In the Danish case above, for example, I used zx, zy, and zz.
Not really, after $p = $z++ $p is 'z', $z is 'aa', as you'd kind-of expect. But the difference between literals and expressions/variable references of course just adds icing to the cake of bizareness.
exhibits the exact same problem, which all C's integral types have. So unless you embrace Bignums Everywhere (or at least automatic promotion to bignum and therefore Potential Bignums Everywhere Except Where The Compiler Can Prove Otherwise) it's hard to avoid.
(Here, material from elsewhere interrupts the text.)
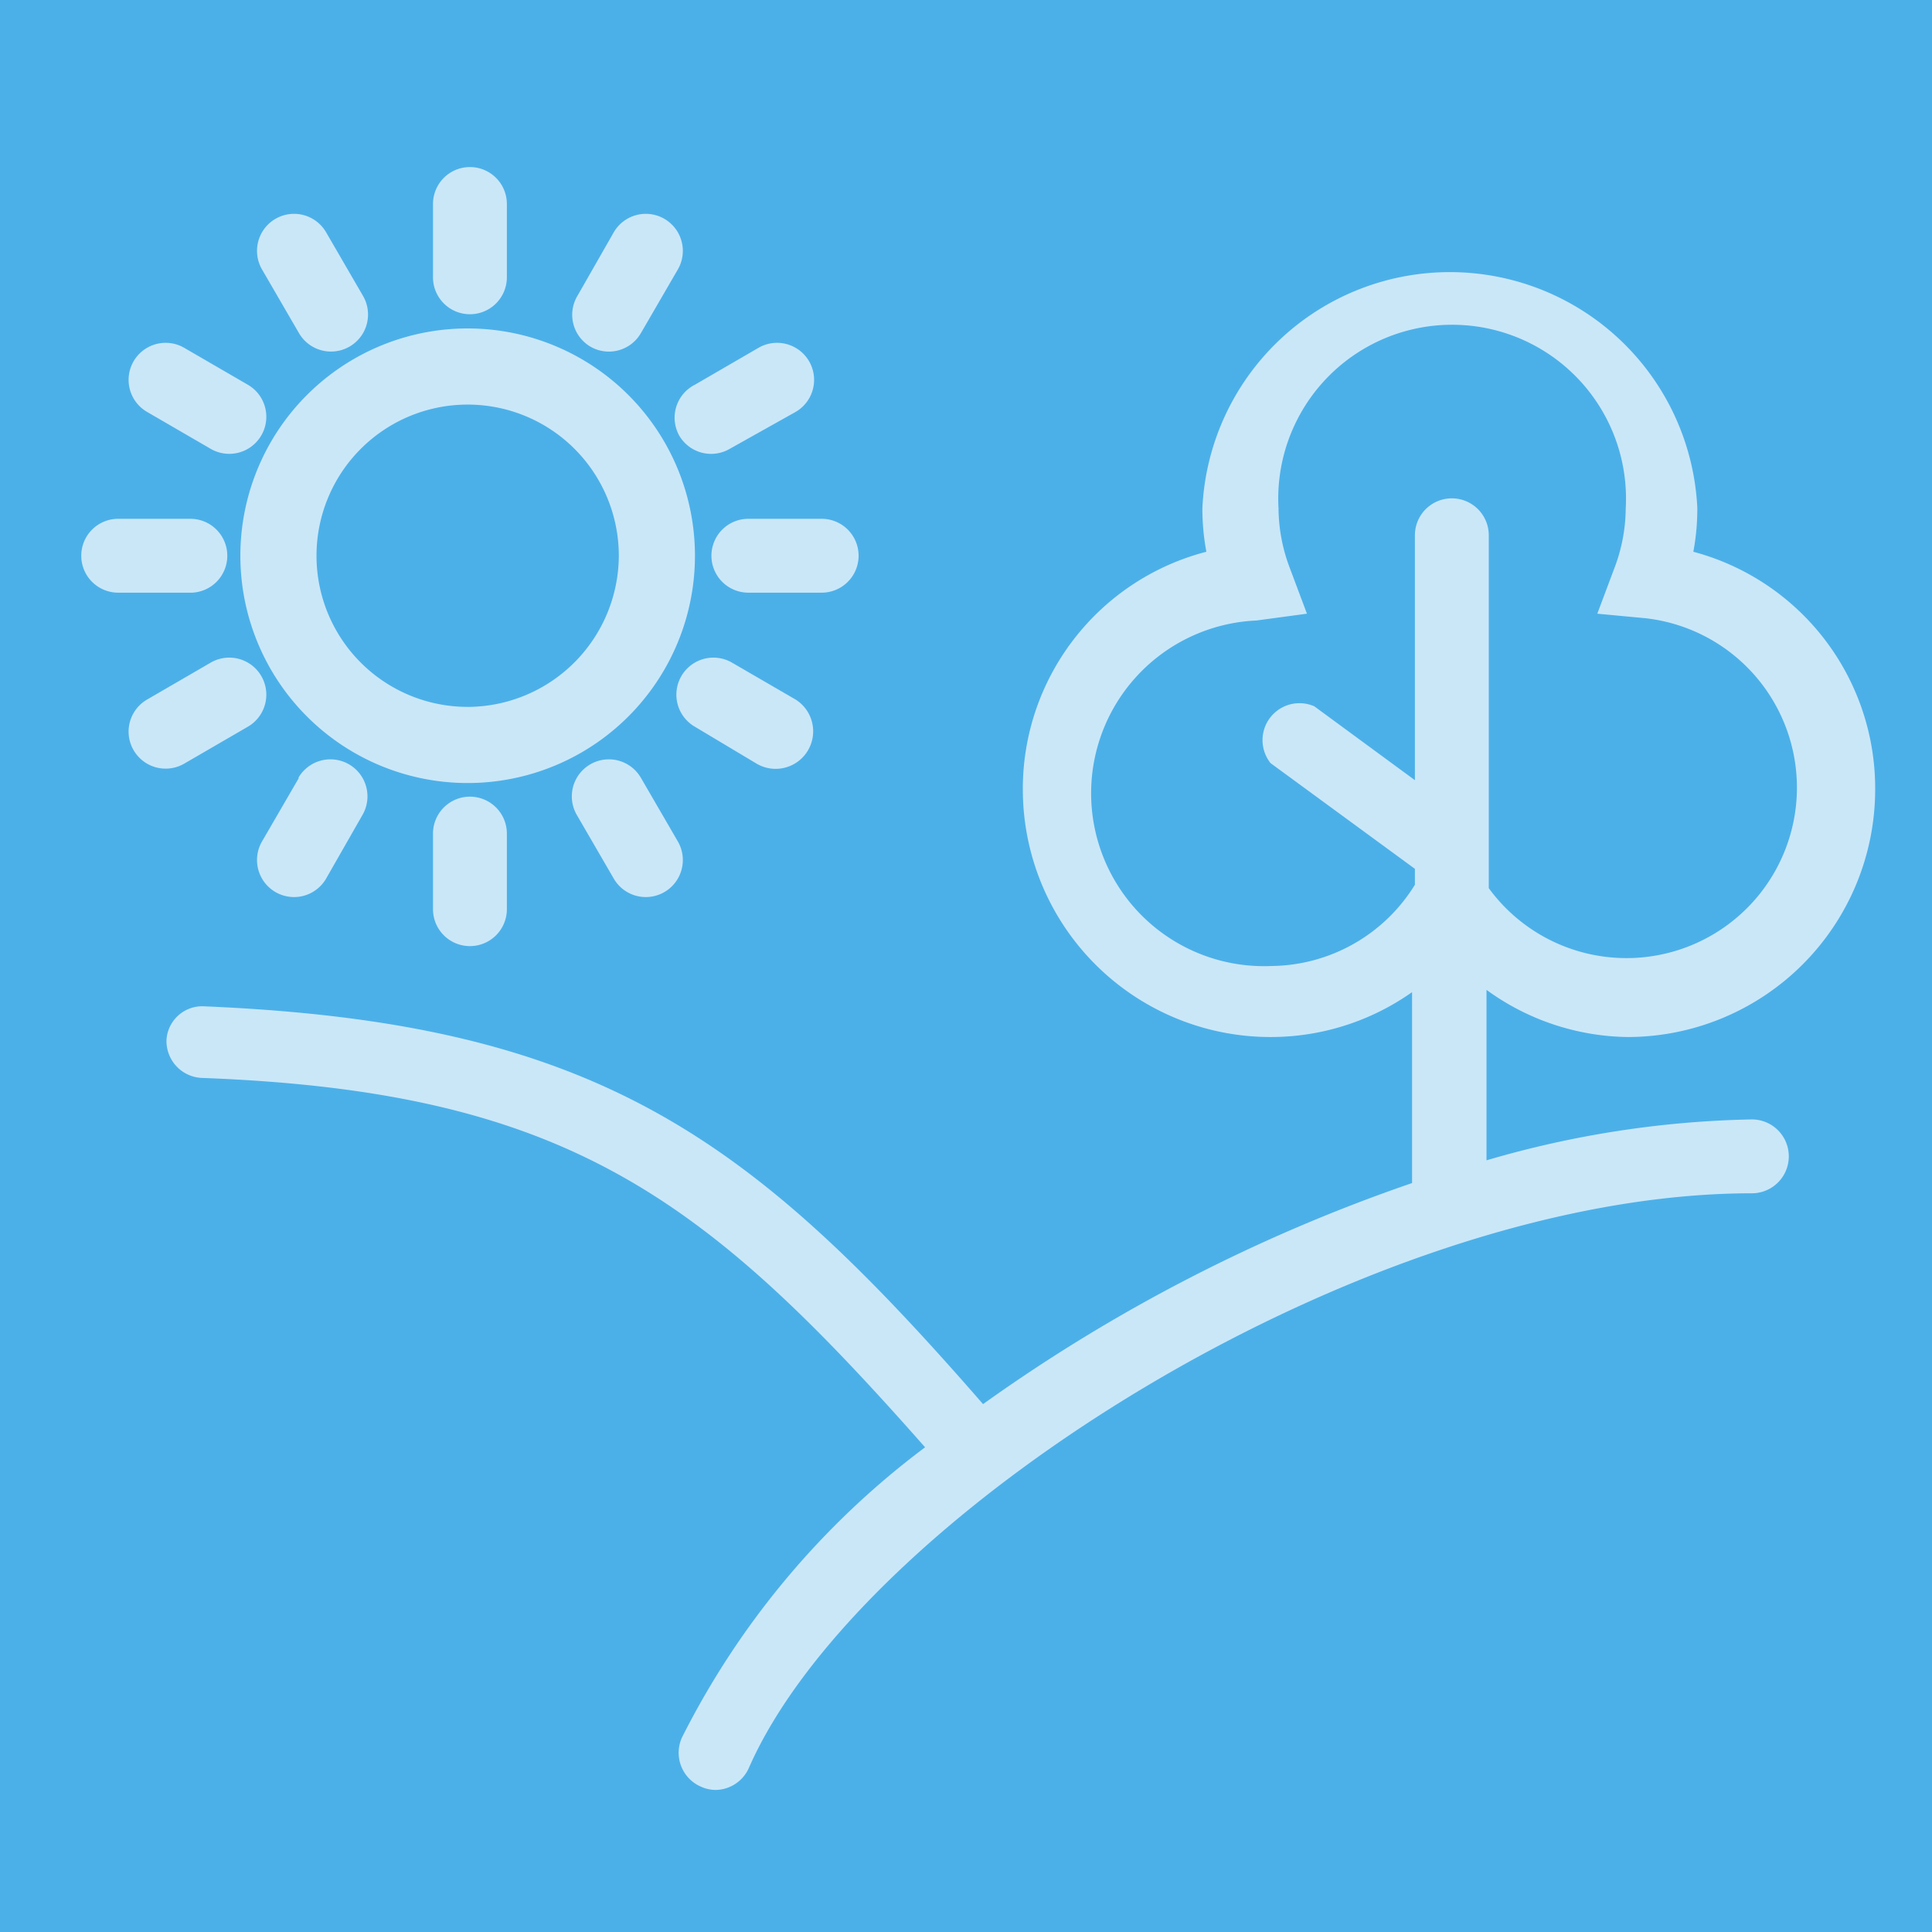<svg id="Calque_1" data-name="Calque 1" xmlns="http://www.w3.org/2000/svg" viewBox="0 0 34 34"><defs><style>.cls-1{fill:#4cb0e8;}.cls-2{opacity:0.7;}.cls-3{fill:#fff;}</style></defs><title>Plan de travail 1saison</title><rect class="cls-1" width="34" height="34"/><g class="cls-2"><path class="cls-3" d="M28.65,18.25A4.36,4.36,0,0,0,33,13.9a4.31,4.31,0,0,0-3.2-4.19,4.11,4.11,0,0,0,.07-.77,4.36,4.36,0,0,0-8.71,0,4.11,4.11,0,0,0,.07.77A4.31,4.31,0,0,0,18,13.9a4.36,4.36,0,0,0,4.36,4.35,4.31,4.31,0,0,0,2.49-.79v3.36a29.36,29.36,0,0,0-7.55,3.89C13.2,20,10.5,18,3.6,17.71a.63.63,0,0,0-.67.59s0,0,0,0a.65.65,0,0,0,.63.67h0c6.4.24,8.83,2.09,12.72,6.5A14.52,14.52,0,0,0,12,30.58a.65.65,0,0,0,.33.86h0a.64.64,0,0,0,.26.06.65.65,0,0,0,.59-.39C15.12,26.69,24,21,30.83,21a.65.65,0,0,0,0-1.3h0a17.68,17.68,0,0,0-4.67.72v-3A4.31,4.31,0,0,0,28.65,18.25ZM22.38,17a3,3,0,0,1-.27-6.08L23,10.8l-.3-.8a3,3,0,0,1-.2-1.05,3.06,3.06,0,1,1,6.11,0,3,3,0,0,1-.2,1.05l-.3.8.85.08a3,3,0,1,1-2.76,4.75V9.42a.65.65,0,0,0-1.3,0v4.31l-1.77-1.3a.65.65,0,0,0-.77,1l2.54,1.86v.28A3,3,0,0,1,22.38,17Z"/><path class="cls-3" d="M12.23,9.78a4,4,0,1,0-4,4A4,4,0,0,0,12.23,9.78Zm-4,2.66a2.66,2.66,0,1,1,2.66-2.66h0a2.67,2.67,0,0,1-2.62,2.66Z"/><path class="cls-3" d="M8.27,5.53a.65.65,0,0,0,.65-.65V3.59a.65.65,0,1,0-1.3,0V4.88a.65.65,0,0,0,.65.65Z"/><path class="cls-3" d="M5.26,5.86a.65.65,0,1,0,1.13-.65L5.74,4.09a.65.65,0,1,0-1.13.65Z"/><path class="cls-3" d="M2.59,7.25l1.12.65a.65.65,0,1,0,.65-1.13L3.24,6.12a.65.65,0,1,0-.65,1.13Z"/><path class="cls-3" d="M4,9.78a.65.65,0,0,0-.65-.65H2.08a.65.65,0,0,0,0,1.3h1.3A.65.65,0,0,0,4,9.78Z"/><path class="cls-3" d="M4.36,12.79a.65.65,0,1,0-.65-1.13l-1.12.65a.65.65,0,1,0,.65,1.13Z"/><path class="cls-3" d="M5.26,13.69l-.65,1.12a.65.65,0,1,0,1.13.65h0l.64-1.12a.65.65,0,1,0-1.13-.65Z"/><path class="cls-3" d="M7.62,14.67V16a.65.65,0,0,0,1.3,0V14.67a.65.65,0,0,0-1.3,0Z"/><path class="cls-3" d="M10.8,15.46a.65.65,0,1,0,1.13-.65l-.65-1.12a.65.65,0,1,0-1.13.65Z"/><path class="cls-3" d="M13.3,13.43a.66.66,0,1,0,.7-1.12h0l-1.12-.65a.65.65,0,1,0-.65,1.13Z"/><path class="cls-3" d="M12.52,9.78a.65.65,0,0,0,.65.65h1.29a.65.65,0,0,0,0-1.3H13.17a.65.65,0,0,0-.65.65Z"/><path class="cls-3" d="M11.95,7.66a.65.65,0,0,0,.89.24h0L14,7.25a.65.65,0,1,0-.65-1.13h0l-1.12.65a.65.65,0,0,0-.29.87Z"/><path class="cls-3" d="M10.39,6.1a.65.65,0,0,0,.89-.24h0l.65-1.12a.65.65,0,1,0-1.13-.65h0l-.64,1.12a.65.65,0,0,0,.23.89Z"/></g></svg>

Eh, I happen to think the Perl behavior is just as ridiculous. Defining the addition operator on a string and an integer to create some kind of complete lexographical ordering is completely counterintuitive and, moreover, is probably not useful enough to warrant such behavior.
This actually makes perfect sense to me. Knowing this would have really come in handy a while back when I was creating my dynamic excel spreadsheet generator in PHP. While it doesn't follow ASCII char indexes, it follows a base 26 numbering system.
Edit: Oh... and if anyone was wondering, PHP's "char" function (provided an index) should perform similar to incrementing an ASCII char in C/C++.